Extracted data entries
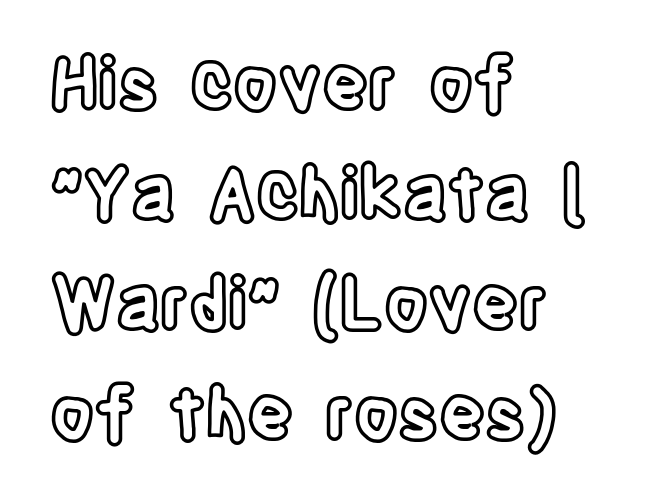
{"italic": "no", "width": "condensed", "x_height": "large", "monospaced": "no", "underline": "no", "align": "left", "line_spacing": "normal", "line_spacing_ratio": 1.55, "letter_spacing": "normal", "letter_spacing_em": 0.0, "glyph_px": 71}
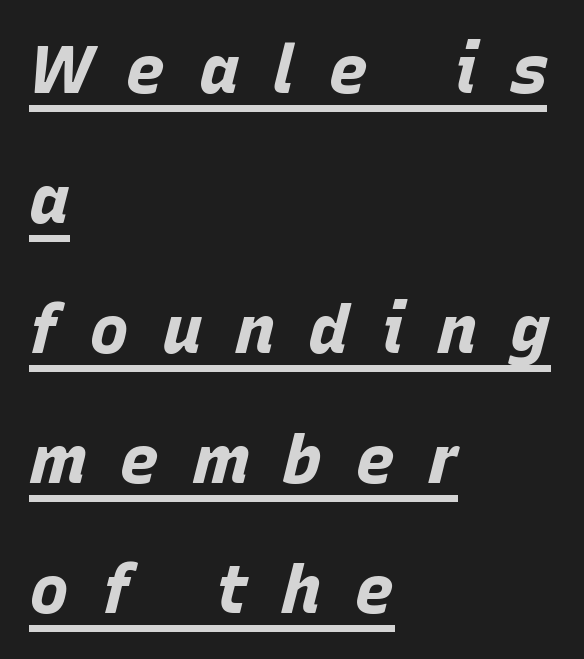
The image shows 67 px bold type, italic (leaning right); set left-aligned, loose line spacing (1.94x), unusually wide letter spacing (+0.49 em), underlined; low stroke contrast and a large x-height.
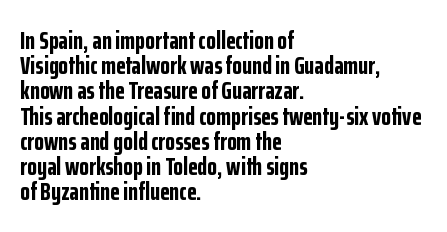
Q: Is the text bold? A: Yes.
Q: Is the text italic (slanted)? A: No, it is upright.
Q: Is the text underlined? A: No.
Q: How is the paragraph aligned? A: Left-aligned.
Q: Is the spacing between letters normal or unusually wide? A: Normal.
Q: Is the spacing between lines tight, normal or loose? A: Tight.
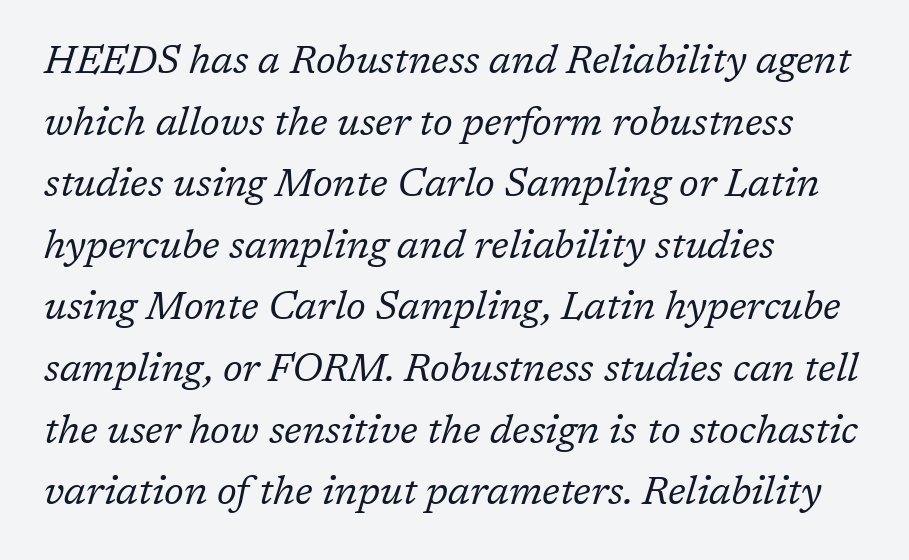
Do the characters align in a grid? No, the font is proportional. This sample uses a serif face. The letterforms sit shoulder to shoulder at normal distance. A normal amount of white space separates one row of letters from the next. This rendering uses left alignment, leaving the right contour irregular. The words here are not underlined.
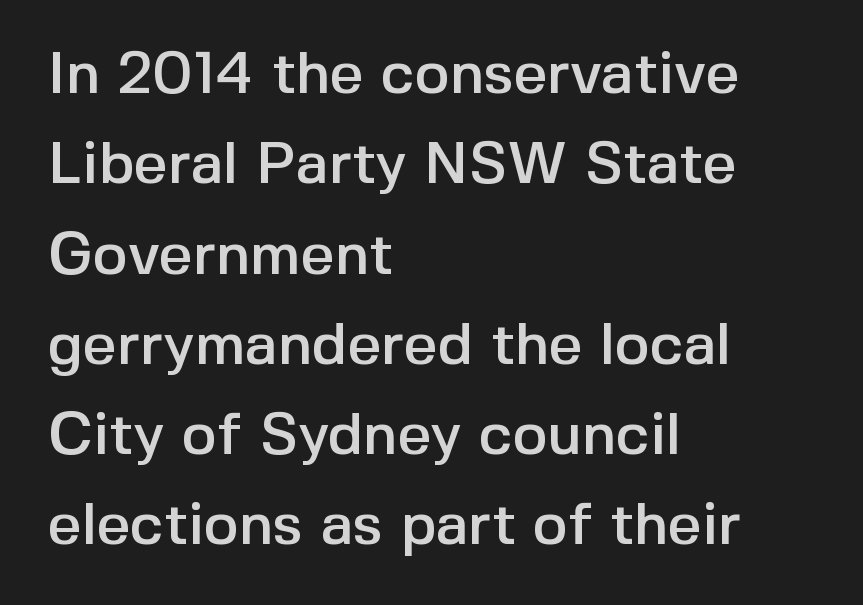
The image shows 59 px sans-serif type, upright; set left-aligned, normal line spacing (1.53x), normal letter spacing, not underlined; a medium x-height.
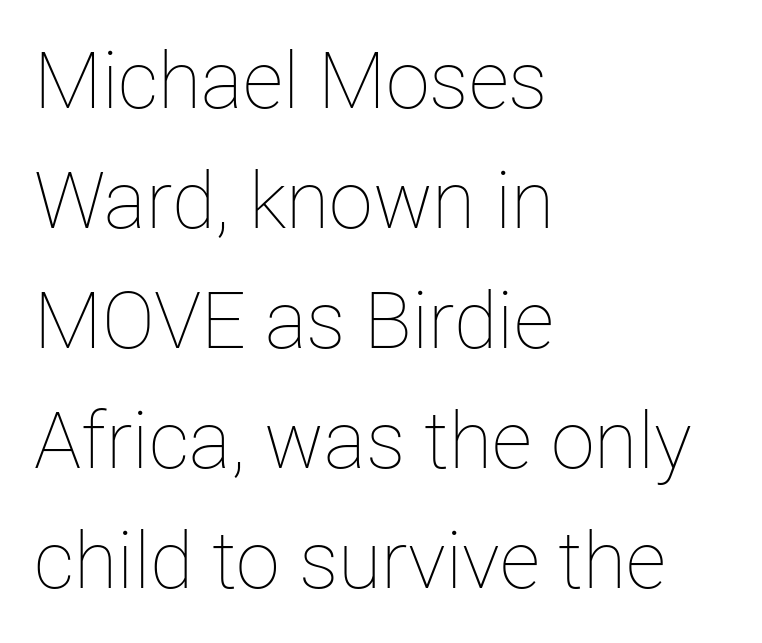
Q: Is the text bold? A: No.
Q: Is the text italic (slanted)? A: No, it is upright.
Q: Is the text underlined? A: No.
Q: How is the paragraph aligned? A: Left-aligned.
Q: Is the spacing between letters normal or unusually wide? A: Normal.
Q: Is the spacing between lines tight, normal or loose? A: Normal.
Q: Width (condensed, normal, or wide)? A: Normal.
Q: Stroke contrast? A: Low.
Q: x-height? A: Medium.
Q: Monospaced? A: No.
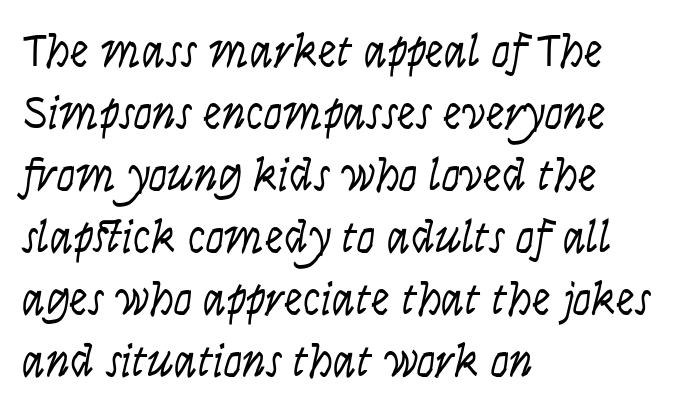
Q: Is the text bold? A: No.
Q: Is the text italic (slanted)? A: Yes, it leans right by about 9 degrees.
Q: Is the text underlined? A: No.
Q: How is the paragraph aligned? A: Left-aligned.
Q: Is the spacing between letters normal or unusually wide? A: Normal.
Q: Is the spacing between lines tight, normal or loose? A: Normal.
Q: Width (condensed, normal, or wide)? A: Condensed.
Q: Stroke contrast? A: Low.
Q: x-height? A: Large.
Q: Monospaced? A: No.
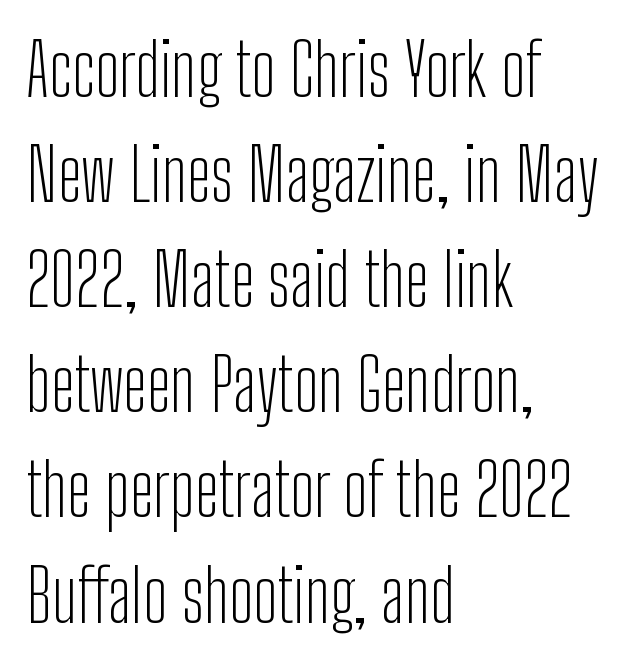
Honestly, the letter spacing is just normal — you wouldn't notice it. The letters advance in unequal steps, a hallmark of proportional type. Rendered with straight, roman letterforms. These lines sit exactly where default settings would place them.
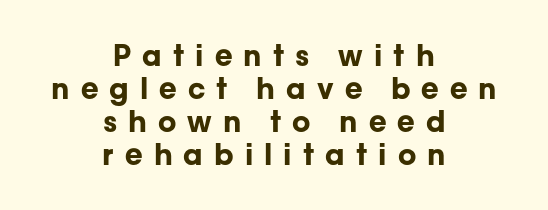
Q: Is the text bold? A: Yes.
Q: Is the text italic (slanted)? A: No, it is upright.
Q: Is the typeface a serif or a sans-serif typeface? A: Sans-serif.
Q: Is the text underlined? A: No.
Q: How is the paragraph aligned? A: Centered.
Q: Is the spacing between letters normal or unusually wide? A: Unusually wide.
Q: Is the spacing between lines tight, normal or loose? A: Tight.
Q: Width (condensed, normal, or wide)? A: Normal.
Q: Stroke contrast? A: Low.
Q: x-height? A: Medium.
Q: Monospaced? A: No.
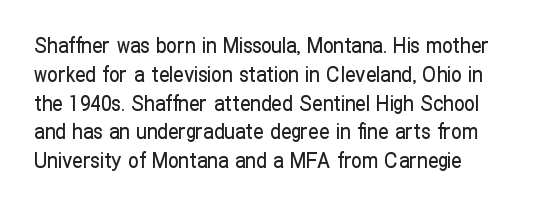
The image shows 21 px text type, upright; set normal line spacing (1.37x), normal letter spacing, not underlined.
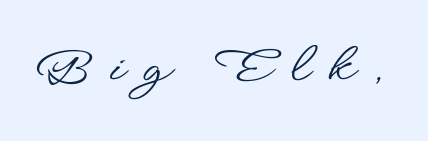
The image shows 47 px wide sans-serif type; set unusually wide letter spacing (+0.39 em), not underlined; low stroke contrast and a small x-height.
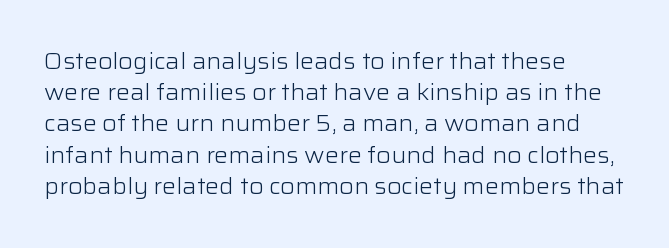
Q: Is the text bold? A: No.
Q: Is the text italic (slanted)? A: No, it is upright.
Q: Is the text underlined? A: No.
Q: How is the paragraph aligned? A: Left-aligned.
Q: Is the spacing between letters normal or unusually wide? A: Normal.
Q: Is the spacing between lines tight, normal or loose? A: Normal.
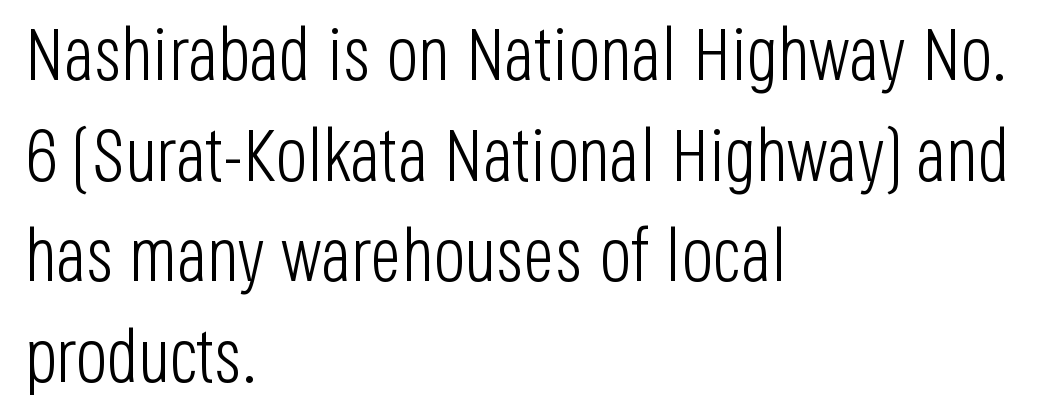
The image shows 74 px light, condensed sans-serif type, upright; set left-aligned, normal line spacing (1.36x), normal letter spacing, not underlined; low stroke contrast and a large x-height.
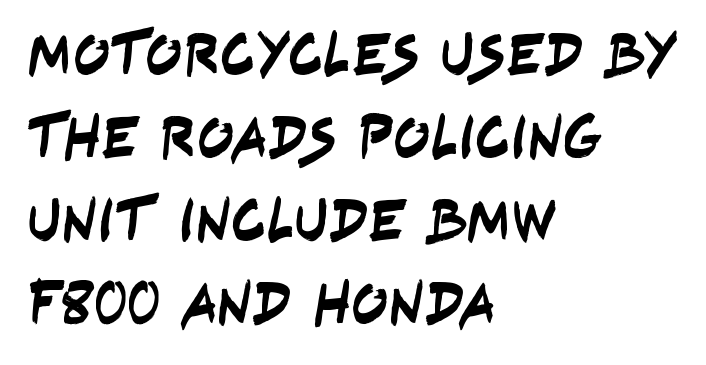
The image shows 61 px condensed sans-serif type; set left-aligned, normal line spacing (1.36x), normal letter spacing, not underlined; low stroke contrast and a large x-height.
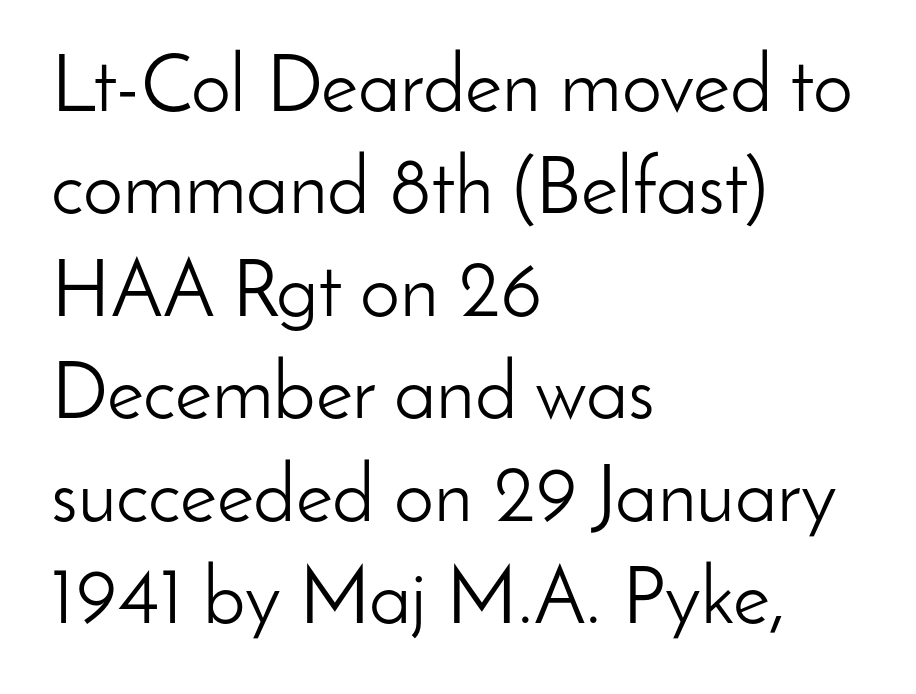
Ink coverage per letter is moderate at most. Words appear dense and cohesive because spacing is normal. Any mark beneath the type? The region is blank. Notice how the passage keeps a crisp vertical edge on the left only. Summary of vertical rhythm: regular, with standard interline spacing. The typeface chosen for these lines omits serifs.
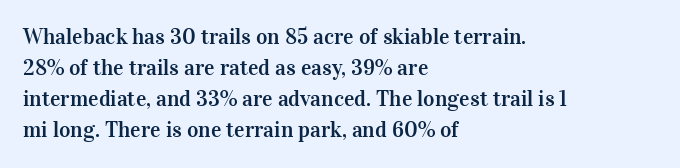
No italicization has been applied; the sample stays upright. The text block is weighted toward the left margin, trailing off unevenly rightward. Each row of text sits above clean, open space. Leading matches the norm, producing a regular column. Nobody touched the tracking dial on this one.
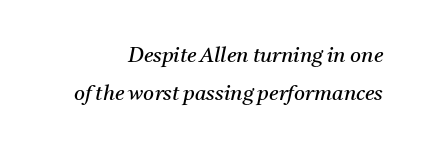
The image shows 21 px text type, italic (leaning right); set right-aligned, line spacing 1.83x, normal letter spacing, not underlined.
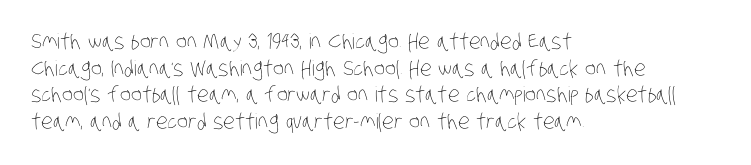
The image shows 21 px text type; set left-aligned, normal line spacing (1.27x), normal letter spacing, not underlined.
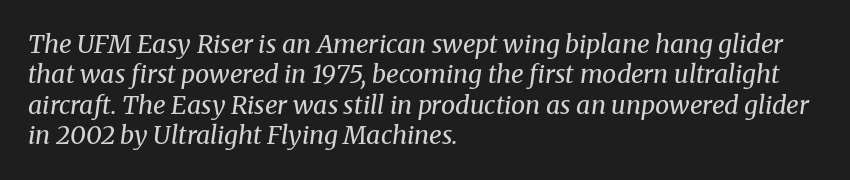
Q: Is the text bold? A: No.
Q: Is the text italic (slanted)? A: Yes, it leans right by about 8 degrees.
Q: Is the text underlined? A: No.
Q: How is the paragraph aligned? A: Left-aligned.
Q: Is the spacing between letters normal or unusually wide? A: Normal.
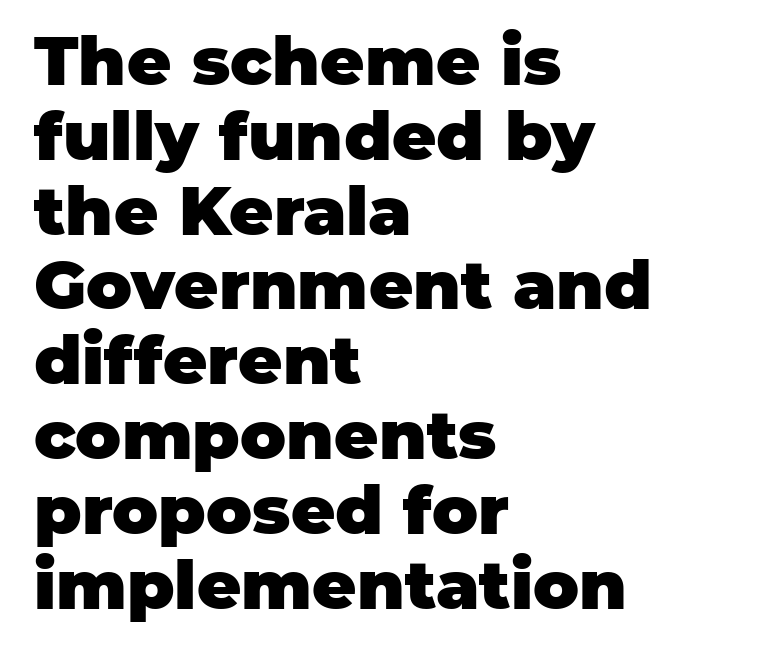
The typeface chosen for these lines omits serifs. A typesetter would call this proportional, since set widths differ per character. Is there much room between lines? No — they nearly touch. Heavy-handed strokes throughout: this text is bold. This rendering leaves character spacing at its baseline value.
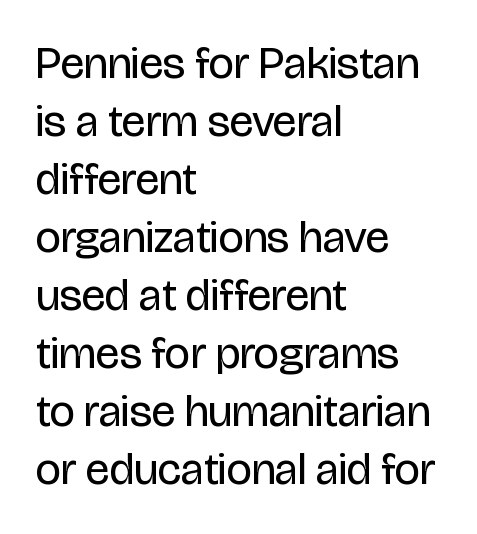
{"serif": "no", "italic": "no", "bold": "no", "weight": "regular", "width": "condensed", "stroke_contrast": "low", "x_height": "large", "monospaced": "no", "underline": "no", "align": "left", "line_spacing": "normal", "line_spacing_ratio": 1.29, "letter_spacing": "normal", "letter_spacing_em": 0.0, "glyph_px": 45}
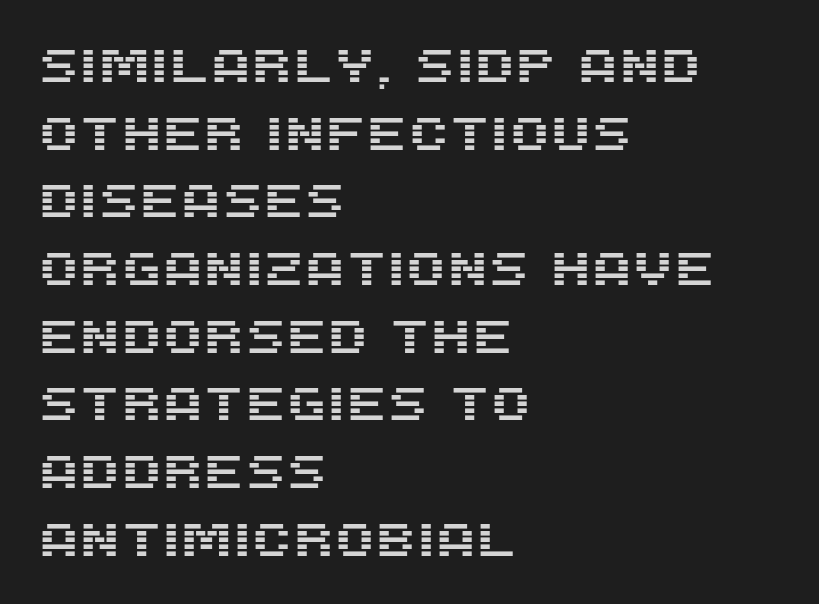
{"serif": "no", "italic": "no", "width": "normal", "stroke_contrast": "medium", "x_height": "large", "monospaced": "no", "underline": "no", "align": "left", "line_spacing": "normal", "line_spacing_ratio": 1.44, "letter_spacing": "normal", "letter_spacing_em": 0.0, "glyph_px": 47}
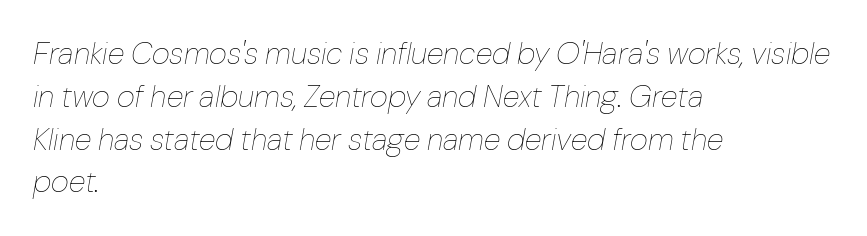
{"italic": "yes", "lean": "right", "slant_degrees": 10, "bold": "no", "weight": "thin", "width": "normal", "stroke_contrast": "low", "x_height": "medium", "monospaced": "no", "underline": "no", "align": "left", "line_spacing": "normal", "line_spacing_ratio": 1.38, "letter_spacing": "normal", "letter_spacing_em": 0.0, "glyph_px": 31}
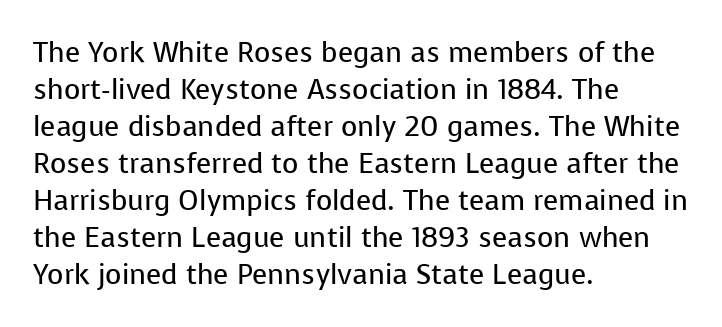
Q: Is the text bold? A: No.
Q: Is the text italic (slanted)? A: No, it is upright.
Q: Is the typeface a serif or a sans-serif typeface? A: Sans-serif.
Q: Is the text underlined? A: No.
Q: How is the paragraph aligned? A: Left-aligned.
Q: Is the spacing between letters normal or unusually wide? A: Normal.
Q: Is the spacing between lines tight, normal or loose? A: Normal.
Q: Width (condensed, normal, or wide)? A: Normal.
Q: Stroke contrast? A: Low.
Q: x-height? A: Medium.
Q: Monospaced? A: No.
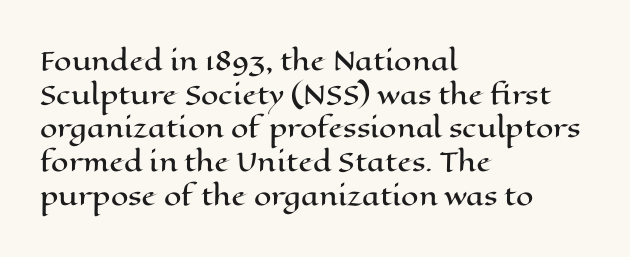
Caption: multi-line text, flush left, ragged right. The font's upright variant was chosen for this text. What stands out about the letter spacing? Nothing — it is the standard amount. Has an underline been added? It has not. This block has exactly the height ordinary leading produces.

Task brief
Search the entries for the word "sans" and copy every line that holds it.

Your response
The image shows 59 px sans-serif type, upright; set left-aligned, normal line spacing (1.53x), normal letter spacing, not underlined; a medium x-height.
Q: Is the typeface a serif or a sans-serif typeface? A: Sans-serif.
The image shows 47 px wide sans-serif type; set unusually wide letter spacing (+0.39 em), not underlined; low stroke contrast and a small x-height.
The image shows 74 px light, condensed sans-serif type, upright; set left-aligned, normal line spacing (1.36x), normal letter spacing, not underlined; low stroke contrast and a large x-height.
The image shows 61 px condensed sans-serif type; set left-aligned, normal line spacing (1.36x), normal letter spacing, not underlined; low stroke contrast and a large x-height.
Q: Is the typeface a serif or a sans-serif typeface? A: Sans-serif.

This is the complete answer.